Wall: So, alternative instruments then. and what's your second tip?
Hambro: Well, the second kind of theme that we've got inside the Trust right now is that most of the – kind of mid-cap to large-cap companies have gone into the financial crisis with a high level of gearing. And when you look at the enterprise value of the companies, the combination of the market cap and the debt side of the balance sheet, in many cases, the debt side overwhelms the equity. Now we've seen this period of stability in commodity prices; so iron ore and copper in particularly, that debt is starting to disappear quite rapidly. And now we're starting to read reports by analysts talking about passing the peak of debt in terms of the financing needs of these companies. And as that debt starts to disappear the value shifts to the equity side, and obviously, is directly related to the share price. So, we're now starting to see these companies evolve out of perceived high risk situations with regards to balance sheet and then rapidly derisking because the cash flow margins are very strong. So, iron ore companies would be a classic case to look at there and some copper companies as well. So, there is two big themes inside the portfolio for us kind of deleveraging element.
Wall: What's the third?
Hambro: I think the third theme is the market today generally when it comes to resources is probably looking at it in the kind of despair phase or maybe moving from the despair phase into the kind of skepticism or pessimism phase. We're long, long way away from the optimism phases of 2007, 2008. So, I go and see my colleagues in BlackRock, or I can speak to clients in the market, and generally, people are interested to hear what's going on but don't really have an appetite to invest. So, this lack of interests that we're seeing today is really forcing the kind of the foundations of what we perceive as a very strong market in the future. Management has changed the way they run the companies. We're early on in the process. The mining sector is well ahead of the gold space in this; they started a year ago or so. So that promising capital returns, increase in dividends, cutting CapEx, cutting operating expenditure; all of the kind of good things that they should have been doing anyway are now doing aggressively, and all of this is likely to release value. So I think that the overall theme is just going to carry the sector.

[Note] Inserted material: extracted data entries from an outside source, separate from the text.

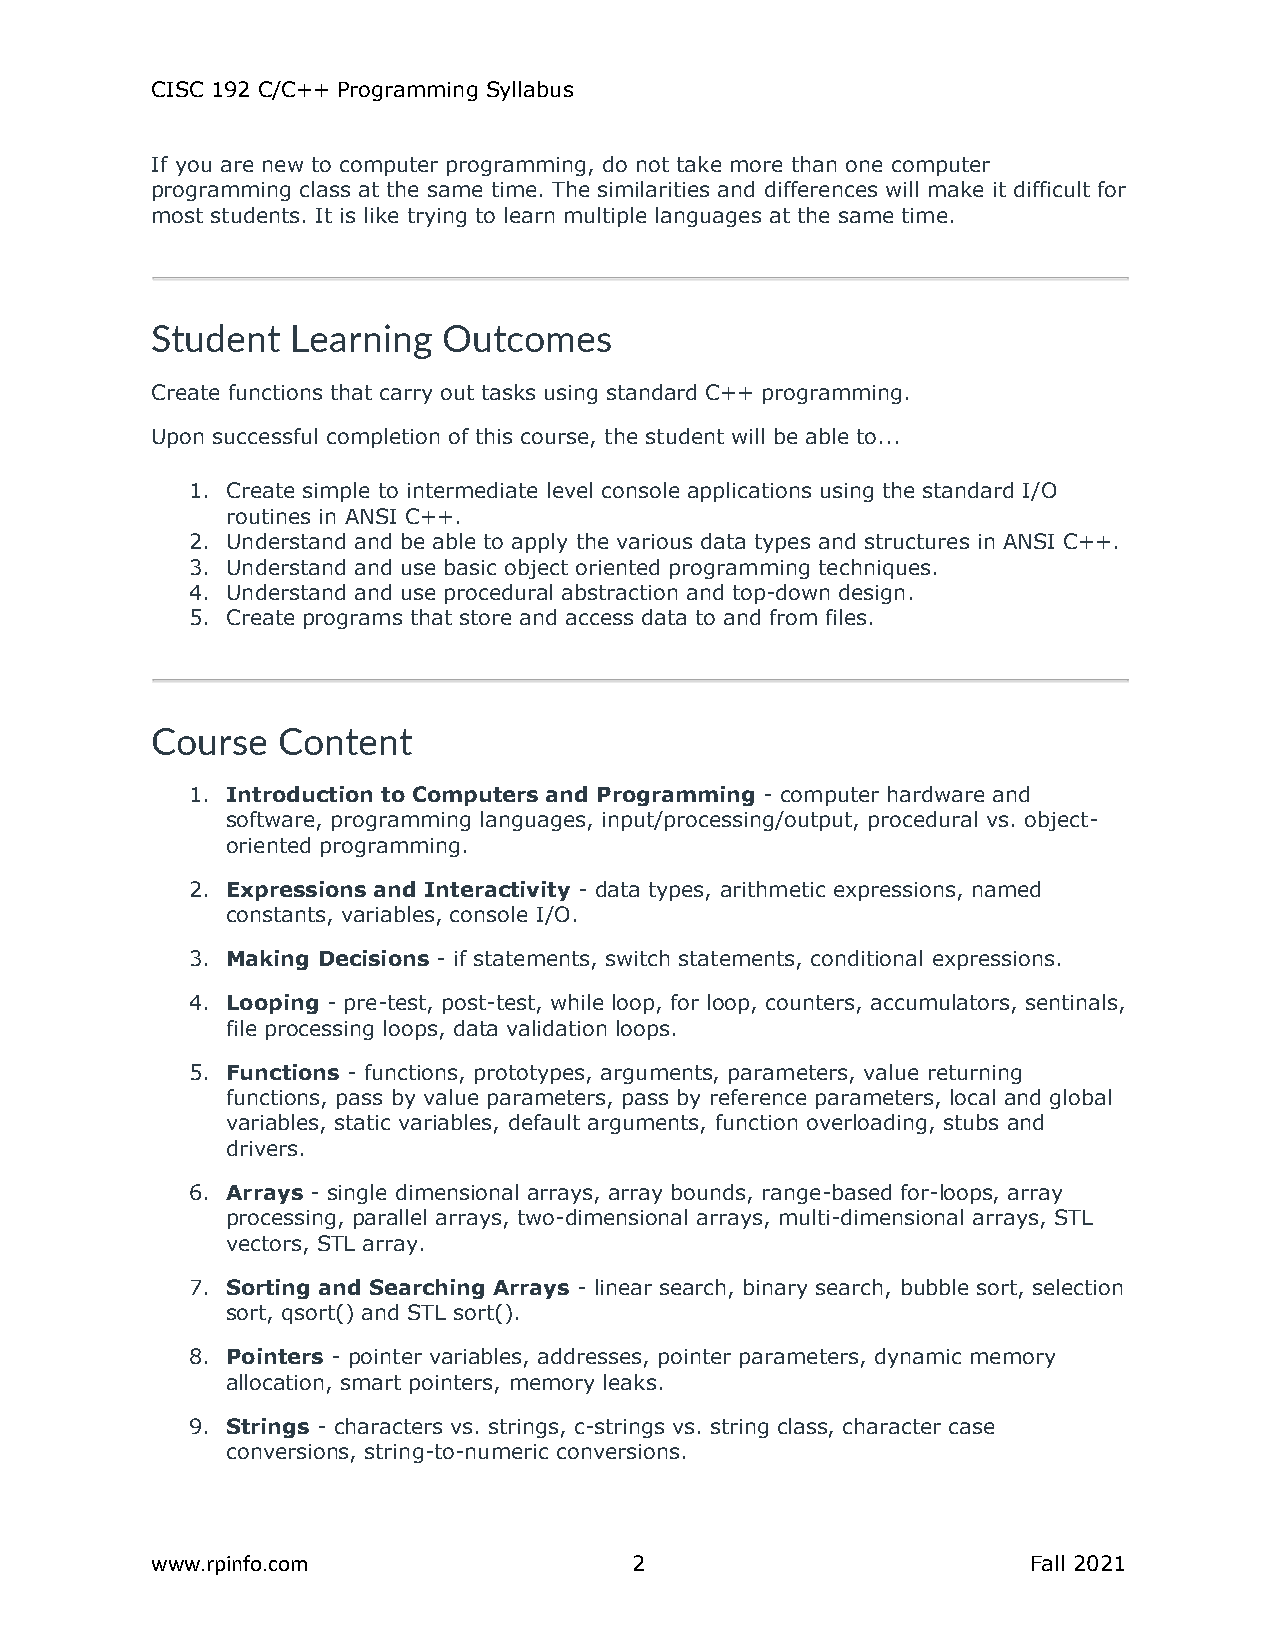
CISC 192 C/C++ Programming Syllabus
 If you are new to computer programming, do not take more than one computer
 programming class at the same time. The similarities and differences will make it difficult for
 most students. It is like trying to learn multiple languages at the same time.
 Student  Learning  Outcomes
 Create functions that carry out tasks using standard C++ programming.
 Upon successful completion of this course, the student will be able to...
 1. Create simple to intermediate level console applications using the standard I/O
 routines in ANSI C++.
 2. Understand and be able to apply the various data types and structures in ANSI C++.
 3. Understand and use basic object oriented programming techniques.
 4. Understand and use procedural abstraction and top-down design.
 5. Create programs that store and access data to and from files.
 Course  Content
 1. Introduction to Computers and Programming - computer hardware and
 software, programming languages, input/processing/output, procedural vs. object-
 oriented programming.
 2. Expressions and Interactivity - data types, arithmetic expressions, named
 constants, variables, console I/O.
 3. Making Decisions - if statements, switch statements, conditional expressions.
 4. Looping - pre-test, post-test, while loop, for loop, counters, accumulators, sentinals,
 file processing loops, data validation loops.
 5. Functions - functions, prototypes, arguments, parameters, value returning
 functions, pass by value parameters, pass by reference parameters, local and global
 variables, static variables, default arguments, function overloading, stubs and
 drivers.
 6. Arrays - single dimensional arrays, array bounds, range-based for-loops, array
 processing, parallel arrays, two-dimensional arrays, multi-dimensional arrays, STL
 vectors, STL array.
 7. Sorting and Searching Arrays - linear search, binary search, bubble sort, selection
 sort, qsort() and STL sort().
 8. Pointers - pointer variables, addresses, pointer parameters, dynamic memory
 allocation, smart pointers, memory leaks.
 9. Strings - characters vs. strings, c-strings vs. string class, character case
 conversions, string-to-numeric conversions.
 www.rpinfo.com                  2                         Fall 2021
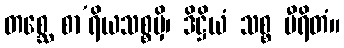
တစ္ဆေ စာ’ရိယသစ္စမှိ၊ ဒိဋ္ဌိယံ သစ္စ မီရိတံ။
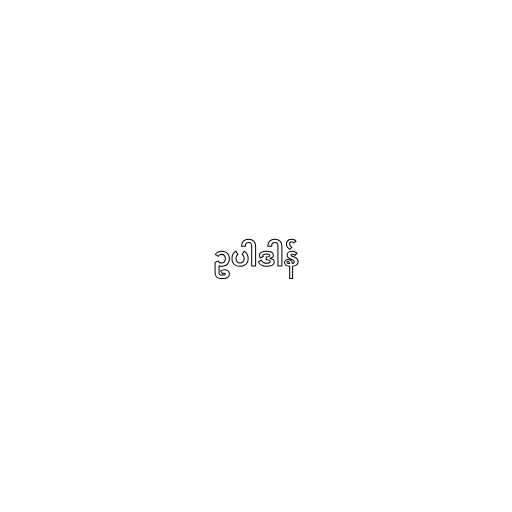
ဥပါဒါန်
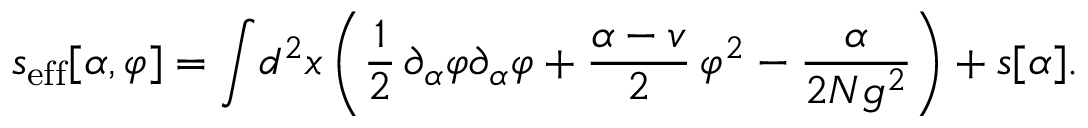
s _ { \mathrm { e f f } } [ \alpha , \varphi ] = \int \! d ^ { 2 } x \left( { \frac { 1 } { 2 } } \, \partial _ { \alpha } \varphi \partial _ { \alpha } \varphi + { \frac { \alpha - v } { 2 } } \, \varphi ^ { 2 } - { \frac { \alpha } { 2 N g ^ { 2 } } } \right) + s [ \alpha ] .
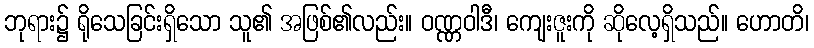
ဘုရား၌ ရိုသေခြင်းရှိသော သူ၏ အဖြစ်၏လည်း။ ဝဏ္ဏဝါဒီ၊ ကျေးဇူးကို ဆိုလေ့ရှိသည်။ ဟောတိ၊
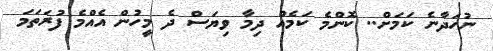
ނުހަދާނެ ކަމަށް.. ކޮންމެ ކަމެއް ދިމާ ވިޔަސް ދެ މީހުން އެއްމެ ފުރަތަމަ
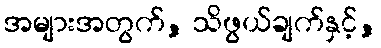
အများအတွက်, သိဖွယ်ချက်နှင့်,
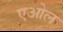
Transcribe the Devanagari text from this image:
एओल
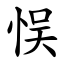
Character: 悮
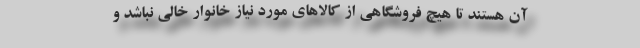
آن هستند تا هیچ فروشگاهی از کالاهای مورد نیاز خانوار خالی نباشد و
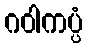
ဂဝါကပ္ပံ
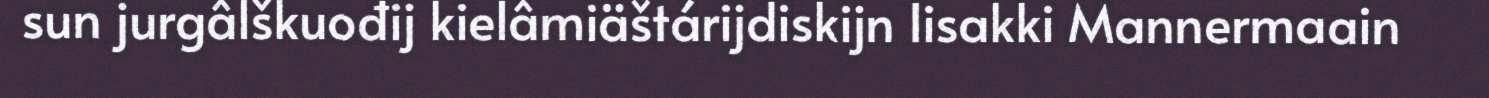
sun jurgâlškuođij kielâmiäštárijdiskijn Iisakki Mannermaain
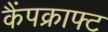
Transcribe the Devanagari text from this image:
कैंपक्राफ्ट
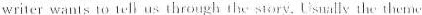
writer wants to 1 elu:throughth story. Usually the themy
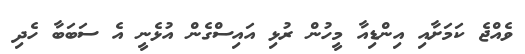
ވެއްޖެ ކަމަށާއި އިންޑިއާ މީހުން ރުޅި އައިސްގެން އުޅެނީ އެ ސަބަބާ ހެދި
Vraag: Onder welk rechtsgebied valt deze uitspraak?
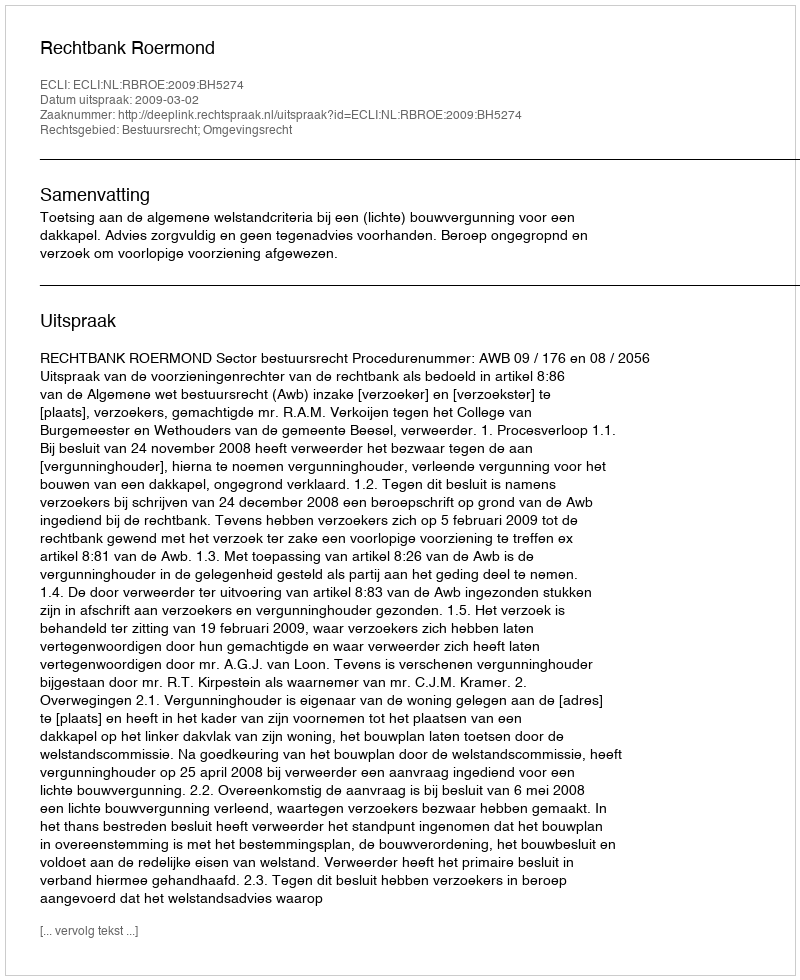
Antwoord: Bestuursrecht; Omgevingsrecht
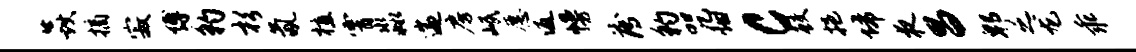
焱摘寂缚豹杉氤植霄淼遄房岷愿返幔薄豹咒烟c鲛挹埽夜昌郫之龙乖
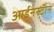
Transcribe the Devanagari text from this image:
आईनस्टीन
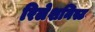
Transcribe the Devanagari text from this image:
रिलेशनिस्ट
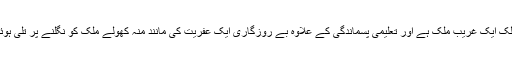
ہمارا ملک ایک غریب ملک ہے اور تعلیمی پسماندگی کے علاوہ بے روزگاری ایک عفریت کی مانند منہ کھولے ملک کو نگلنے پر تلی ہوئی ہے ۔
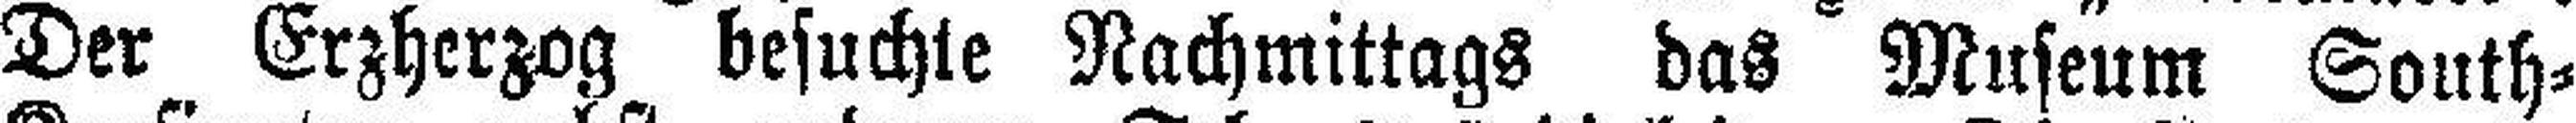
Der Erzherzog besuchte Nachmittags das Museum South=
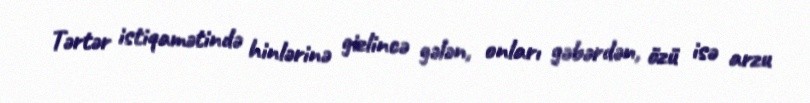
Tərtər istiqamətində hinlərinə gizlincə gələn, onları gəbərdən, özü isə arzu
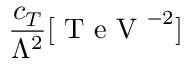
\frac { c _ { T } } { \Lambda ^ { 2 } } [ \mathrm { ~ T ~ e ~ V ~ } ^ { - 2 } ]
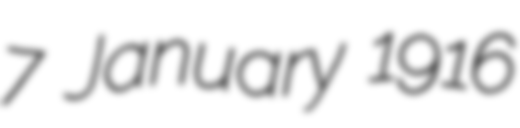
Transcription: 7 January 1916
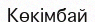
Көкімбай
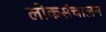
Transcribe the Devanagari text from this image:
लोकसंचालन
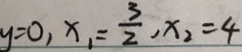
y = 0 , x _ { 1 } = \frac { 3 } { 2 } , x _ { 2 } = 4
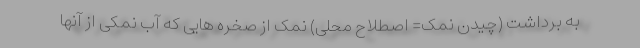
به برداشت (چیدن نمک= اصطلاح محلی) نمک از صخره هایی که آب نمکی از آنها
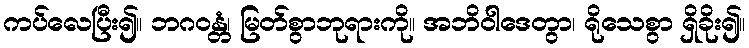
ကပ်လေပြီး၍။ ဘဂဝန္တံ၊ မြတ်စွာဘုရားကို။ အဘိဝါဒေတွာ၊ ရိုသေစွာ ရှိခိုး၍။
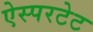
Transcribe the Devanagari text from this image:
ऐस्परटेट
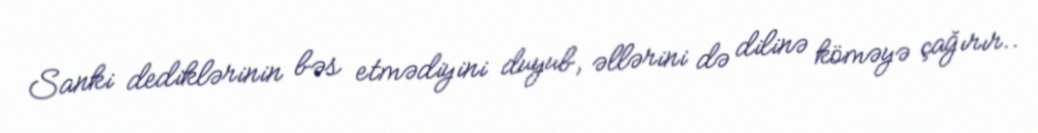
Sanki dediklərinin bəs etmədiyini duyub, əllərini də dilinə köməyə çağırır..
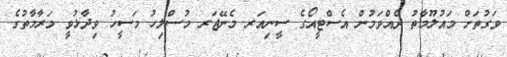
ވަގުތަށް މައުލޫމާތު ދެއްވަމުން އެސްޓީއޯގެ ސީނިއަރ މެނޭޖަރ މުސްލިހު މަސީހު ވިދާޅުވީ މަރާމާތުގެ
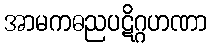
အာမကဓညပဋိဂ္ဂဟဏာ
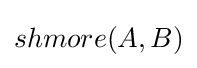
shmore(A,B)
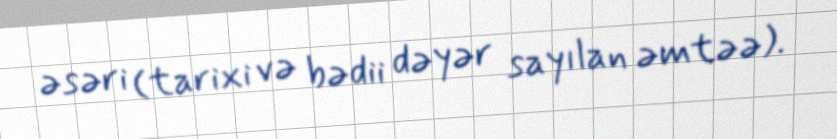
əsəri (tarixi və bədii dəyər sayılan əmtəə).
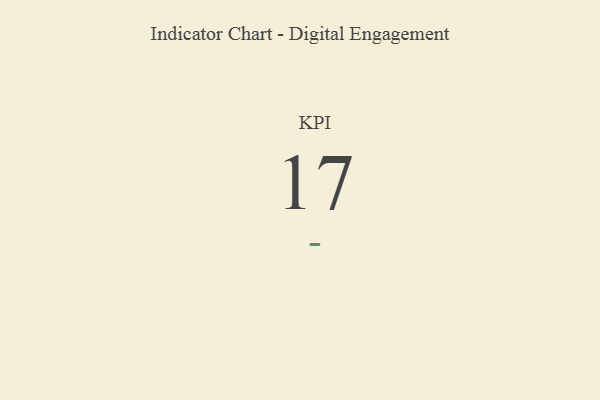
{"axis": {"x": "KPI", "y": "Value"}, "legend": [""], "data": [{"x": "KPI", "y": 17, "type": ""}]}
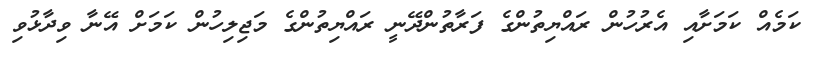
ކަމެއް ކަމަށާއި އެރުހުން ރައްޔިތުންގެ ފަރާތުންދޭނީ ރައްޔިތުންގެ މަޖިލިހުން ކަަމަށް އޭނާ ވިދާޅުވި
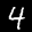
Digit: 4
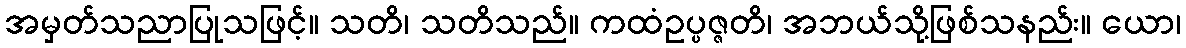
အမှတ်သညာပြုသဖြင့်။ သတိ၊ သတိသည်။ ကထံဥပ္ပဇ္ဇတိ၊ အဘယ်သို့ဖြစ်သနည်း။ ယော၊
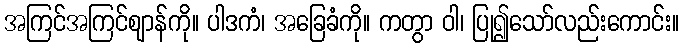
အကြင်အကြင်ဈာန်ကို။ ပါဒကံ၊ အခြေခံကို။ ကတွာ ဝါ၊ ပြု၍သော်လည်းကောင်း။

Then, we've got the macro recovery going on in the world economy. And this is – as we move into 2015 – second half 2014, and 2015, we're likely to see synchronous global growth going on in the world. So, China is going to continue to be growing, Europe might start to recover, and the U.S. will be continuing to grow. So, we haven't had synchronous growth for many, many years and thinking back to the 1990s, synchronous growth is always associated with the commodity boom market, and when you overlay the lack of investment into new supply, the second half of this decade does look pretty strong.
Wall: So, pessimism can be a good thing?
Hambro: I think – well, as they say boom markets are born in periods of despair, thrive in pessimism, and peak in optimism; and we're in this transition from despair into pessimism right now.
Wall: Evy, thank you very much.
Hambro: Thank you.
Wall: This is Emma Wall for Morningstar. Thank you for watching.